== Segment start ==

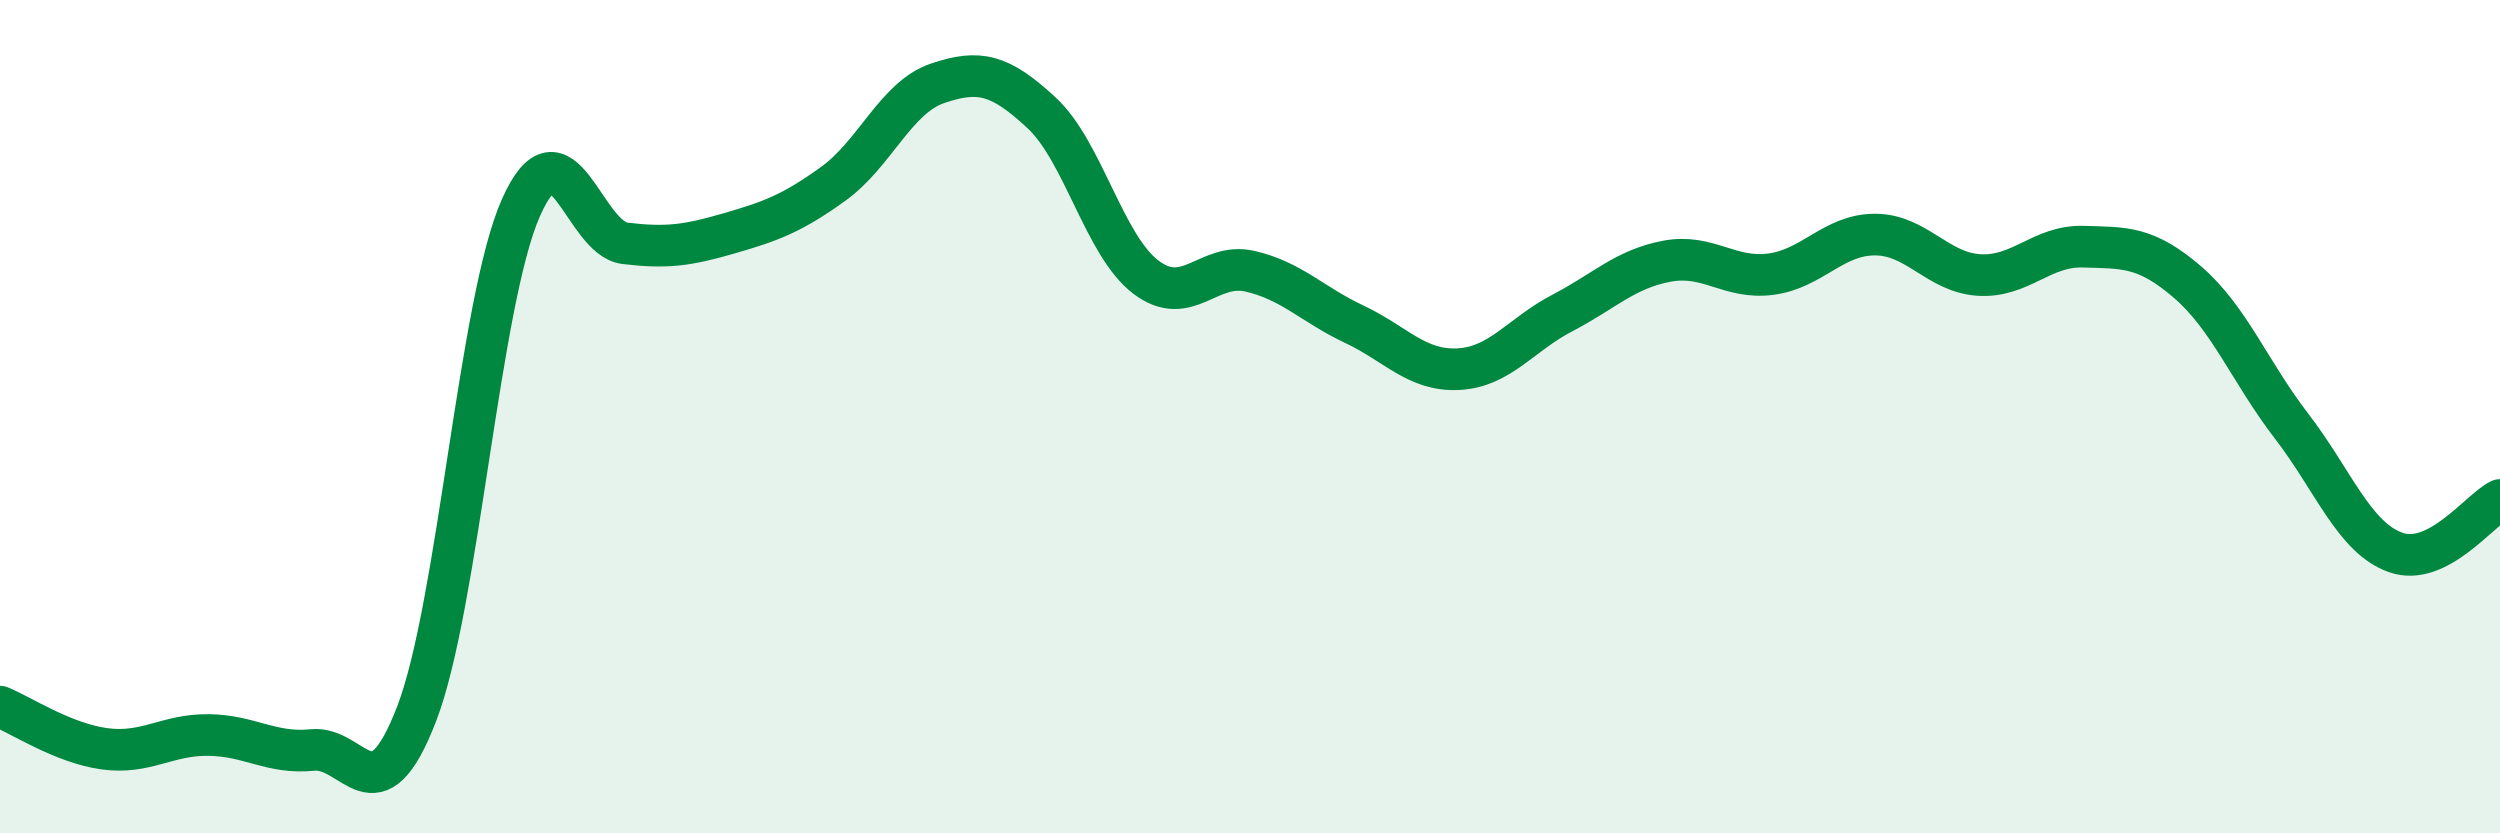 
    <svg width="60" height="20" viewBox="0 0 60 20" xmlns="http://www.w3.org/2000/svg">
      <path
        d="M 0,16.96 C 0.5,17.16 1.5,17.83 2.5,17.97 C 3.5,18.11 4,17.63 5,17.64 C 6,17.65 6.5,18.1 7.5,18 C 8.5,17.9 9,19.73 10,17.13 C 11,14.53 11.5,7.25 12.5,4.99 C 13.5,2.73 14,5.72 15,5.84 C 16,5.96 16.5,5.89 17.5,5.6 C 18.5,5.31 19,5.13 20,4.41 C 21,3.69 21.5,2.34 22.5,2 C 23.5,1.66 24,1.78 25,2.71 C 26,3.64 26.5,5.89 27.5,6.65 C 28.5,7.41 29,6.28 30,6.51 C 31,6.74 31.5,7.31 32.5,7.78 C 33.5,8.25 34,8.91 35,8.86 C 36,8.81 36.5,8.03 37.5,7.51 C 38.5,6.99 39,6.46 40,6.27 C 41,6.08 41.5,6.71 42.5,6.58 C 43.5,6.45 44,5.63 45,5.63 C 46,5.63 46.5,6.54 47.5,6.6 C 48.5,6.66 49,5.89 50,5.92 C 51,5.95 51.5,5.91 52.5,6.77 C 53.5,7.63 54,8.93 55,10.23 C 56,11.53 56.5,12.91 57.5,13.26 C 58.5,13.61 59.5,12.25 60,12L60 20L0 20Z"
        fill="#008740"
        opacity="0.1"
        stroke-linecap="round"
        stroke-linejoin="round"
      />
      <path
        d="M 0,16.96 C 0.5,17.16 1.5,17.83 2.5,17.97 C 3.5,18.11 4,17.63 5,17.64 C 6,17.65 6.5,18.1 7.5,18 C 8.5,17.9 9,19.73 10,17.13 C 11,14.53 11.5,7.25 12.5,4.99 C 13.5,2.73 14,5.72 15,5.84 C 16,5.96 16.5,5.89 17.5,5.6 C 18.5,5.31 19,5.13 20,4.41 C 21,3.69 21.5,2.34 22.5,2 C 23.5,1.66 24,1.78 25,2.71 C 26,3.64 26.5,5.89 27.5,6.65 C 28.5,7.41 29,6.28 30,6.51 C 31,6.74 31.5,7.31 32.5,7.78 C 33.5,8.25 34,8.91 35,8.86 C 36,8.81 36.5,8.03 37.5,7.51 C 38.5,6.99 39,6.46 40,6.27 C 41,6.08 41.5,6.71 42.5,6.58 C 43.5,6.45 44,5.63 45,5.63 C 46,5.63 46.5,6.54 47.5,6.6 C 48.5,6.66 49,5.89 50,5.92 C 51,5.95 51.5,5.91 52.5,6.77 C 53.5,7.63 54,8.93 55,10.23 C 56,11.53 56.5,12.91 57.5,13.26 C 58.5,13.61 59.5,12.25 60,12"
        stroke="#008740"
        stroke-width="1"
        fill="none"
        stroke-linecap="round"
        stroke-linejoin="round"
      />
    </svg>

== Segment end ==

## Your task
Without the pictures, return each entry exactly as given.

## Output below
    <svg width="60" height="20" viewBox="0 0 60 20" xmlns="http://www.w3.org/2000/svg">
      <path
        d="M 0,16.96 C 0.5,17.16 1.5,17.83 2.5,17.97 C 3.5,18.11 4,17.63 5,17.64 C 6,17.65 6.5,18.1 7.5,18 C 8.5,17.9 9,19.73 10,17.13 C 11,14.53 11.5,7.25 12.5,4.99 C 13.5,2.73 14,5.72 15,5.84 C 16,5.96 16.5,5.89 17.5,5.6 C 18.5,5.31 19,5.13 20,4.41 C 21,3.69 21.5,2.34 22.5,2 C 23.5,1.66 24,1.78 25,2.71 C 26,3.64 26.5,5.89 27.5,6.65 C 28.5,7.41 29,6.28 30,6.51 C 31,6.74 31.5,7.31 32.5,7.78 C 33.5,8.25 34,8.91 35,8.86 C 36,8.81 36.5,8.03 37.5,7.51 C 38.5,6.99 39,6.46 40,6.27 C 41,6.08 41.5,6.71 42.5,6.58 C 43.5,6.45 44,5.63 45,5.63 C 46,5.63 46.5,6.54 47.5,6.6 C 48.5,6.66 49,5.89 50,5.92 C 51,5.95 51.5,5.91 52.5,6.77 C 53.5,7.63 54,8.93 55,10.23 C 56,11.53 56.5,12.91 57.5,13.26 C 58.5,13.61 59.5,12.25 60,12L60 20L0 20Z"
        fill="#008740"
        opacity="0.1"
        stroke-linecap="round"
        stroke-linejoin="round"
      />
      <path
        d="M 0,16.96 C 0.5,17.16 1.5,17.83 2.5,17.97 C 3.5,18.11 4,17.63 5,17.64 C 6,17.65 6.5,18.1 7.5,18 C 8.5,17.9 9,19.73 10,17.13 C 11,14.53 11.5,7.25 12.5,4.99 C 13.5,2.73 14,5.72 15,5.84 C 16,5.96 16.5,5.89 17.5,5.6 C 18.5,5.31 19,5.13 20,4.41 C 21,3.69 21.5,2.34 22.5,2 C 23.5,1.66 24,1.78 25,2.71 C 26,3.64 26.5,5.89 27.5,6.65 C 28.5,7.41 29,6.28 30,6.51 C 31,6.74 31.5,7.31 32.5,7.78 C 33.5,8.25 34,8.91 35,8.86 C 36,8.81 36.5,8.03 37.5,7.51 C 38.5,6.99 39,6.46 40,6.27 C 41,6.08 41.5,6.71 42.5,6.58 C 43.5,6.45 44,5.63 45,5.63 C 46,5.63 46.5,6.54 47.5,6.6 C 48.5,6.66 49,5.89 50,5.92 C 51,5.95 51.5,5.91 52.5,6.77 C 53.5,7.63 54,8.93 55,10.23 C 56,11.53 56.5,12.91 57.5,13.26 C 58.5,13.61 59.5,12.25 60,12"
        stroke="#008740"
        stroke-width="1"
        fill="none"
        stroke-linecap="round"
        stroke-linejoin="round"
      />
    </svg>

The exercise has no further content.